Thanks to the encouragement that this might not be a total loss!

As for the messed up threads...I just need to get the last 1/4 to 1/2 inch re-threaded to get the nut to start threading. The last half inch sticks out past the nut when it is tight anyway.

Uncle Ben
01-14-2009, 10:42 AM
Actually, I think this set-up is opposite. Most of the swing-aways I have seen have the shaft of the spindle welded to the bumber. This one has the bearings inside the bumper and the shaft connected to the swing arm. The nut on the spindle is under the bumper, and there was NO SEAL at all!

Thanks to the encouragement that this might not be a total loss!

As for the messed up threads...I just need to get the last 1/4 to 1/2 inch re-threaded to get the nut to start threading. The last half inch sticks out past the nut when it is tight anyway.
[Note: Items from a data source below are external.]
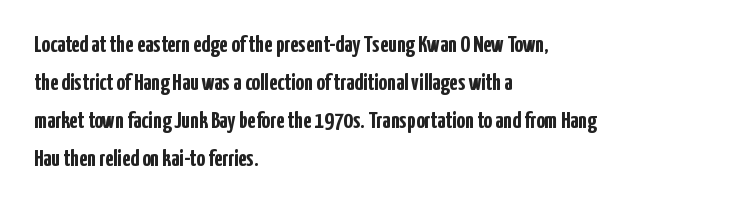
Any mark beneath the type? The region is blank. The letters stand upright; this is a roman face. The type is set solid horizontally, with unmodified tracking. Which margin do the lines hug? The left one — the right edge is uneven. The rendering uses a bold face; every stroke is thick and dark.
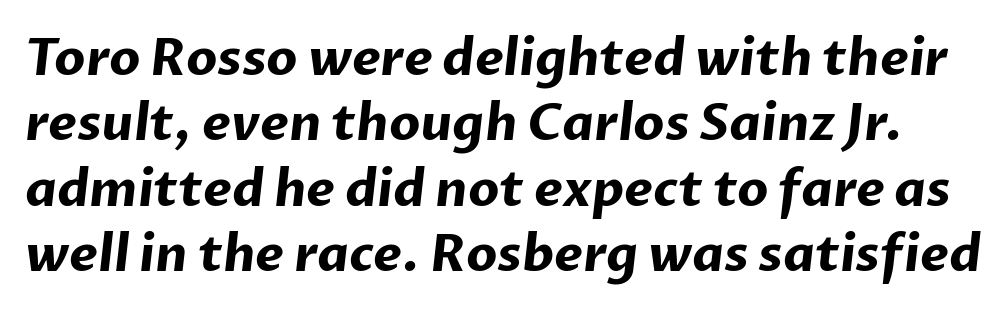
Unmarked baselines from the first word to the last. This is sans-serif lettering, the kind often seen on screens and signage. Character widths vary here, with narrow letters taking less room than wide ones. If you measured baseline to baseline, you'd find a middling distance. Honestly, the letter spacing is just normal — you wouldn't notice it. Notice how thick the strokes are: this is what a full bold looks like.
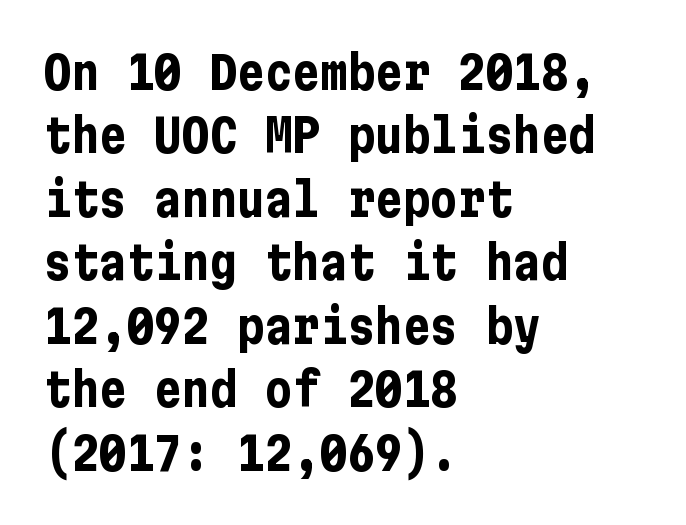
Q: Is the text bold? A: Yes.
Q: Is the text italic (slanted)? A: No, it is upright.
Q: Is the typeface a serif or a sans-serif typeface? A: Sans-serif.
Q: Is the text underlined? A: No.
Q: How is the paragraph aligned? A: Left-aligned.
Q: Is the spacing between letters normal or unusually wide? A: Normal.
Q: Is the spacing between lines tight, normal or loose? A: Normal.
Q: Width (condensed, normal, or wide)? A: Condensed.
Q: Stroke contrast? A: Low.
Q: x-height? A: Medium.
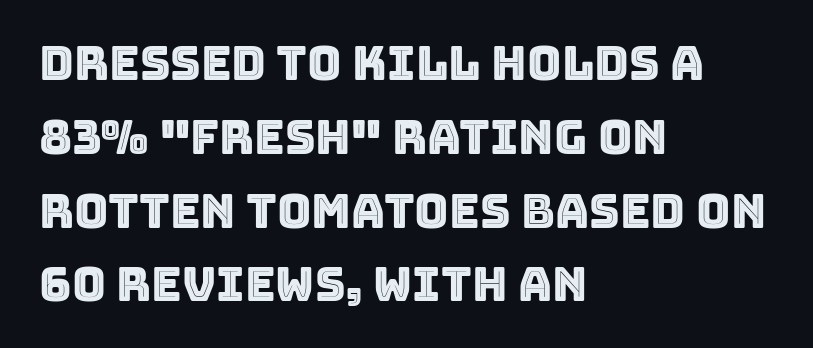
Q: Is the text italic (slanted)? A: No, it is upright.
Q: Is the text underlined? A: No.
Q: How is the paragraph aligned? A: Left-aligned.
Q: Is the spacing between letters normal or unusually wide? A: Normal.
Q: Is the spacing between lines tight, normal or loose? A: Normal.
Q: Width (condensed, normal, or wide)? A: Normal.
Q: x-height? A: Large.
Q: Monospaced? A: No.
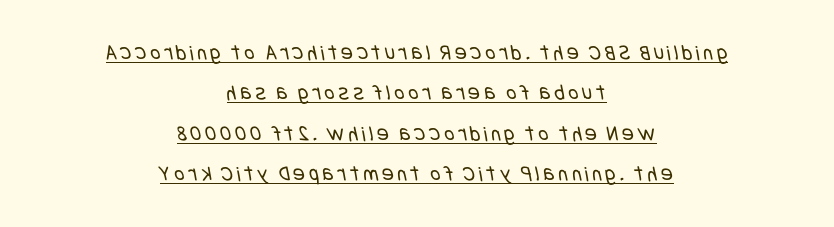
Q: Is the text bold? A: No.
Q: Is the text underlined? A: Yes.
Q: How is the paragraph aligned? A: Centered.

Cut the 'shroom off and thread chase the spindle. I think what you have it totally savable from what I see.

Rezarf
01-14-2009, 05:53 PM
Cut the 'shroom off and thread chase the spindle. I think what you have it totally savable from what I see.
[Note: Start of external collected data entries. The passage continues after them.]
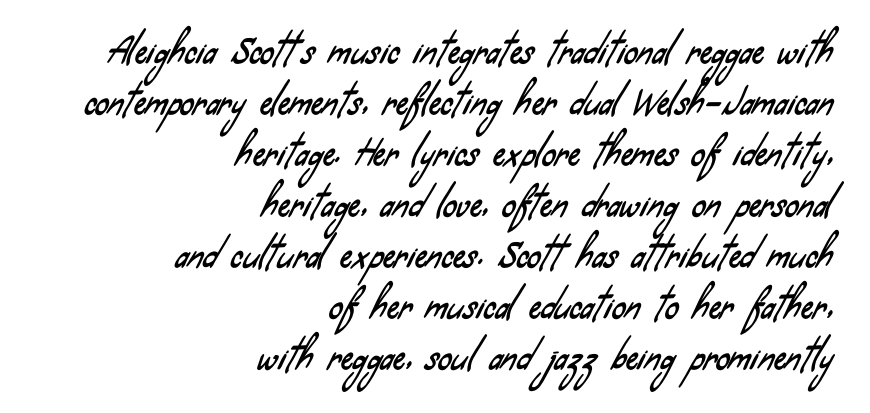
The image shows 34 px condensed sans-serif type; set right-aligned, normal line spacing (1.5x), normal letter spacing, not underlined; low stroke contrast and a small x-height.
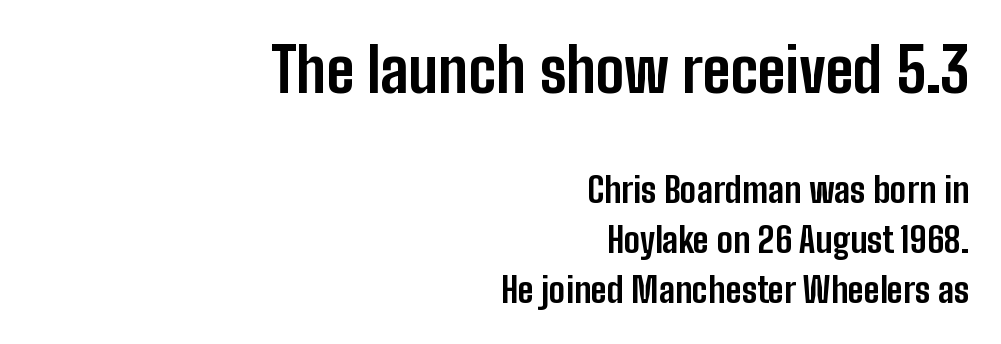
This rendering uses right alignment, leaving the left contour irregular. Here the designer chose a conventional face with non-uniform glyph widths. Do the letters lean? They stand straight. What stands out about the letter spacing? Nothing — it is the standard amount. Rule under the text: the space is simply empty. Whoever set this chose a conventional vertical rhythm.
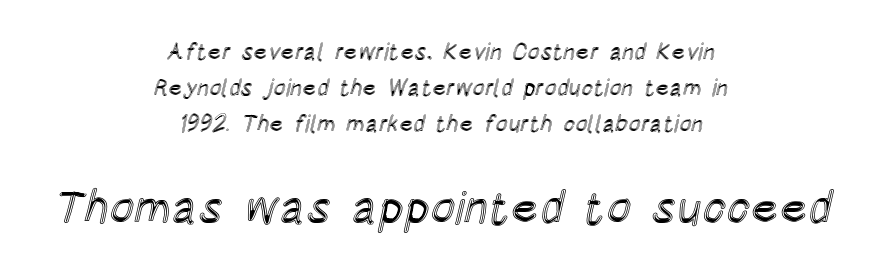
No word sits above an underline. The leading is moderate, giving the passage an even texture. If you folded the block vertically in half, each line would mirror itself in length. Type size steps up from the first block to the second.

I thought the same thing, just chop the top off and rethread the top... should be good to go. Have you tried soaking the bearings and races in penitrating oil? A few days of soak, a little heat and they might come off.

60wag
01-14-2009, 08:27 PM
Get the races hot and hit them with something heavy. They'll come off the spindle. Hopefully you can also get the outer races out of the bumper. A complete new bearing assembly will make it work right for the next ten years.

LARGEONE
01-15-2009, 05:37 PM
Do I just put the heat on the races? Will a propane torch (for sweating copper pipe) work for heat, or does it need to be something hotter?

I contacted TJM and these are the bearing numbers they gave me.

LM11910, LM11949 and LM67010, LM67048

I don't know anything about bearings...I assume there are separate part numbers for each side of both bearings? Will Whistler Bearing be able to take these numbers and get me what I need?

As for the races in the bumper...I'm going to start hitting it with "liquid wrench" (someone mentioned something better, but I can't remember the name) starting tonight and then when I get back from Portland next week, I'm going to try to get them out without making them unusable in case I'm unsuccessful.

Thanks to all for help! P

Mendocino
01-15-2009, 05:54 PM
Do you have a cut off wheel or a grinder? That can prove effective as well.

subzali
01-16-2009, 01:49 PM
pb blaster is well known for its penetrating qualities, and my guess is you may be able to get by with a propane torch. It's worth a try if that's what you already have. I was able to use just a propane torch to heat up my ring gear enough to slide it onto my differential carrier, so that might be enough to get the bearings off.

LARGEONE
01-22-2009, 11:42 PM
OK...just an update to my original thread.

I was able to get the bearings off the spindle by hitting the spindle with this FREEZE SPRAY from loctite.

Then, the end of the spindle was "mushroomed" so badly that the threads were actually narrowed and the nut wouldn't even come close to going back on. So, I borrowed a thread file from work, ground the mushroomed section down a little to reduce the diameter, then went to work on the threads. After about an hour of filing, the nut could barely be forced on with lubricating oil. So, I arranged to get a die to try to re-thread the spindle, but when I tried the nut the next day it went on with ease!!! All of the filing, grinding, and friction from forcing the nut on the spindle, heated both the spindle and nut so much that they both expanded, preventing the nut from going on. I was relieved that I wouldn't have to try to re-thread the spindle!

So, it's back together and swinging so much easier than when I bought the truck. I'm glad it's fixed.

I will probably try to add a grease zerk whenever I eventually have to take the bumper off for another reason. Until then, I'll just monitor performance and re-grease as necessary.

Thanks again for the help and advice from club members.

Paul

Rezarf
01-23-2009, 09:36 AM
Great job! Nice when everything actually works out the way you planned... wait, I have never had that happen before, how does it feel??